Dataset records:
____
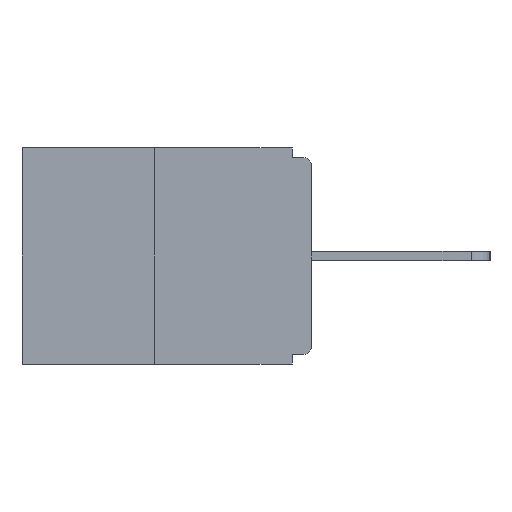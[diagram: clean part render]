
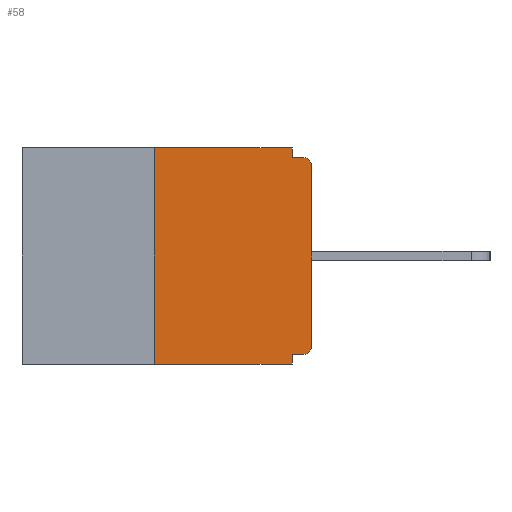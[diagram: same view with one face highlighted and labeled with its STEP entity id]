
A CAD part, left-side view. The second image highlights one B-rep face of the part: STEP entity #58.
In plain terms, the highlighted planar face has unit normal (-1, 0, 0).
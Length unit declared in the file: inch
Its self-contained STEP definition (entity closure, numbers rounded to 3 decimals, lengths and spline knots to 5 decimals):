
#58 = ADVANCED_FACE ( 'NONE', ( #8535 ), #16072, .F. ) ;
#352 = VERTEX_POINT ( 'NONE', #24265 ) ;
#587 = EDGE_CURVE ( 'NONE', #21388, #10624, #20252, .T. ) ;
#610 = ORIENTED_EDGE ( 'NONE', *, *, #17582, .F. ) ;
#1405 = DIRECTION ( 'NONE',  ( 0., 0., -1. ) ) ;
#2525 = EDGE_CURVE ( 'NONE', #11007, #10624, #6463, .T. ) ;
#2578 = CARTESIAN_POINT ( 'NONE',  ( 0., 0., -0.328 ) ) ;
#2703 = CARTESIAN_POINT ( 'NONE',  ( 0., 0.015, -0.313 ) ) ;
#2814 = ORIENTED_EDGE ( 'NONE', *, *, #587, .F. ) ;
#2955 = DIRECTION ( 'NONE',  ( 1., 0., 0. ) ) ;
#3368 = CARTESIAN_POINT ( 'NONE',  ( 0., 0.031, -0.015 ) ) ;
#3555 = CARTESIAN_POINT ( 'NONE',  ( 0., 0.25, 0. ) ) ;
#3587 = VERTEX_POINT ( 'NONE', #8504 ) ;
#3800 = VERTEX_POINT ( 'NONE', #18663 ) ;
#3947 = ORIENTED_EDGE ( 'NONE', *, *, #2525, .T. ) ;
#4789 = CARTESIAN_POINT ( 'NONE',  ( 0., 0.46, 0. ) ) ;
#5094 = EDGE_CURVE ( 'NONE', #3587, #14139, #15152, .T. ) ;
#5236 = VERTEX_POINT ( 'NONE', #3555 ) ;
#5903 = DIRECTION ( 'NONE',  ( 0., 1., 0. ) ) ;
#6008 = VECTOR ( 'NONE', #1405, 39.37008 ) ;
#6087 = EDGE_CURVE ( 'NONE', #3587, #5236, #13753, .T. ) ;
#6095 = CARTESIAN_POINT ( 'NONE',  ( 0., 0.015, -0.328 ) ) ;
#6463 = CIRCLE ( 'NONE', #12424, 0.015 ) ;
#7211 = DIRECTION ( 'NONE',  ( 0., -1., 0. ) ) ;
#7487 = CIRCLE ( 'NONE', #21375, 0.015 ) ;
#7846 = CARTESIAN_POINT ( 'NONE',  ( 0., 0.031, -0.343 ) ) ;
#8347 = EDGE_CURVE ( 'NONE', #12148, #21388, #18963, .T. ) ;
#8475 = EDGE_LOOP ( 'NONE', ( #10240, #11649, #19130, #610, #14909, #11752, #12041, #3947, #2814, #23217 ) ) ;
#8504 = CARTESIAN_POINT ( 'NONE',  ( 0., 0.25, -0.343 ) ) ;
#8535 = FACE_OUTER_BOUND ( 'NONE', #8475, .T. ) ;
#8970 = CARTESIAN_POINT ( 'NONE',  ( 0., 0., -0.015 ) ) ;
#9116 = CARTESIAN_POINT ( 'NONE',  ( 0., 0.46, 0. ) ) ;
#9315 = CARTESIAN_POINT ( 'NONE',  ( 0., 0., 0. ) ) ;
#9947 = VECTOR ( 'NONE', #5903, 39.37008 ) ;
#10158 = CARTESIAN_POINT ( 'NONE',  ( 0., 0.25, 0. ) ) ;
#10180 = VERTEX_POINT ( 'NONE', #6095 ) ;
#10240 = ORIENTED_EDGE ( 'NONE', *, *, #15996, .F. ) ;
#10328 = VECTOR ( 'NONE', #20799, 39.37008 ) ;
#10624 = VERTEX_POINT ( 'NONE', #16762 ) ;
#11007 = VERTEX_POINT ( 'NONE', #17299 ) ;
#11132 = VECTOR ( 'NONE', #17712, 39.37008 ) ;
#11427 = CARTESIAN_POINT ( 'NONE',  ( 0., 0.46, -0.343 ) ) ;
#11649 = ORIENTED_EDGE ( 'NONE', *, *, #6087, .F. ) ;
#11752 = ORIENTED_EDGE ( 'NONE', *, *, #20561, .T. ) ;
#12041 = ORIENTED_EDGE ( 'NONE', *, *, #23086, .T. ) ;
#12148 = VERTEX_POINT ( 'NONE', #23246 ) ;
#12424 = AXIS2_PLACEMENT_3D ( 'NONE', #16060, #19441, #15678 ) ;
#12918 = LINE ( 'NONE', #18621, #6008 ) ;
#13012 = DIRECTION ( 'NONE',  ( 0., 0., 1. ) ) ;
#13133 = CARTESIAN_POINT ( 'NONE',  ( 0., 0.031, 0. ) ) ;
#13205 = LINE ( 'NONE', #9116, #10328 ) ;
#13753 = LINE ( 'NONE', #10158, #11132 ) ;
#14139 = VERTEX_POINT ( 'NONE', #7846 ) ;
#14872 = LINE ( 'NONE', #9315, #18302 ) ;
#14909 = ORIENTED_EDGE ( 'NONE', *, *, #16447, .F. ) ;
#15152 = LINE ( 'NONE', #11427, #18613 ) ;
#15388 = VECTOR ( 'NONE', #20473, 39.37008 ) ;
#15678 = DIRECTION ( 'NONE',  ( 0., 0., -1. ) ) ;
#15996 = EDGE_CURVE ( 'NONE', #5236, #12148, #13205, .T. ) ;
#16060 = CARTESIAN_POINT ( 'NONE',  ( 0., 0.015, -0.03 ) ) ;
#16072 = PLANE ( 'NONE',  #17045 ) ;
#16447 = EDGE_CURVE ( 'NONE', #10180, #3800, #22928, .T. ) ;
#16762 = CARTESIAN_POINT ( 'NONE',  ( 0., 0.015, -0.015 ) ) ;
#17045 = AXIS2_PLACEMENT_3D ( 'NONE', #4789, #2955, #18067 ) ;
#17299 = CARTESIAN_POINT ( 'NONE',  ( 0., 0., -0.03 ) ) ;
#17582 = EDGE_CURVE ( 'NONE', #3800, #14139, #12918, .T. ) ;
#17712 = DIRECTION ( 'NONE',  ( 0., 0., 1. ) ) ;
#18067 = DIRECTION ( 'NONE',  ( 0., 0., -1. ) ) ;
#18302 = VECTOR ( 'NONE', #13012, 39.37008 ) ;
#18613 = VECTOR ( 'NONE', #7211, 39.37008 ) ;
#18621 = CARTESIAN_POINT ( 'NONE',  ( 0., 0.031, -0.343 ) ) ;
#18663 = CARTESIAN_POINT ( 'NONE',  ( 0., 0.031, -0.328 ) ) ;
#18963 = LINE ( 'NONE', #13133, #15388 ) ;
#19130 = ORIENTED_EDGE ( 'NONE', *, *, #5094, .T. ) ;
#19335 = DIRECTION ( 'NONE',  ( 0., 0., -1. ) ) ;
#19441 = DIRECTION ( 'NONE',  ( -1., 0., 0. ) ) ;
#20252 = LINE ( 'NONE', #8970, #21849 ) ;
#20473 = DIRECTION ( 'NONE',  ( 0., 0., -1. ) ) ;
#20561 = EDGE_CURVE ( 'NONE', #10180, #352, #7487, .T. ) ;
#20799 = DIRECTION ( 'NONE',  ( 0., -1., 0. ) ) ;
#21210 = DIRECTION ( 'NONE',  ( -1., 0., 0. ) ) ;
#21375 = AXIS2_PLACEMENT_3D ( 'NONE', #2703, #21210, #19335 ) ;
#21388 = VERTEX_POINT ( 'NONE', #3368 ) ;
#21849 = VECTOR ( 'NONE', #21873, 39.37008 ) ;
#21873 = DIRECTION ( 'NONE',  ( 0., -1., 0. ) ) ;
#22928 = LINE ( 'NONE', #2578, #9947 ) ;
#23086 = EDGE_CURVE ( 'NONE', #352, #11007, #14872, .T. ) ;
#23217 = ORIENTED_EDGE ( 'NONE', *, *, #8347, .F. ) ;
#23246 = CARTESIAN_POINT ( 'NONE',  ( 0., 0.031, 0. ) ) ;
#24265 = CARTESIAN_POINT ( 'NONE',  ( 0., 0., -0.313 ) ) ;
____
* [Exercise details] Nothing but the lines above from the one containing "#3555 = CARTESIAN_POINT" through the one containing "#5094 = EDGE_CURVE" should appear in the answer, each repeated exactly.

* [Your response]
#3555 = CARTESIAN_POINT ( 'NONE',  ( 0., 0.25, 0. ) ) ;
#3587 = VERTEX_POINT ( 'NONE', #8504 ) ;
#3800 = VERTEX_POINT ( 'NONE', #18663 ) ;
#3947 = ORIENTED_EDGE ( 'NONE', *, *, #2525, .T. ) ;
#4789 = CARTESIAN_POINT ( 'NONE',  ( 0., 0.46, 0. ) ) ;
#5094 = EDGE_CURVE ( 'NONE', #3587, #14139, #15152, .T. ) ;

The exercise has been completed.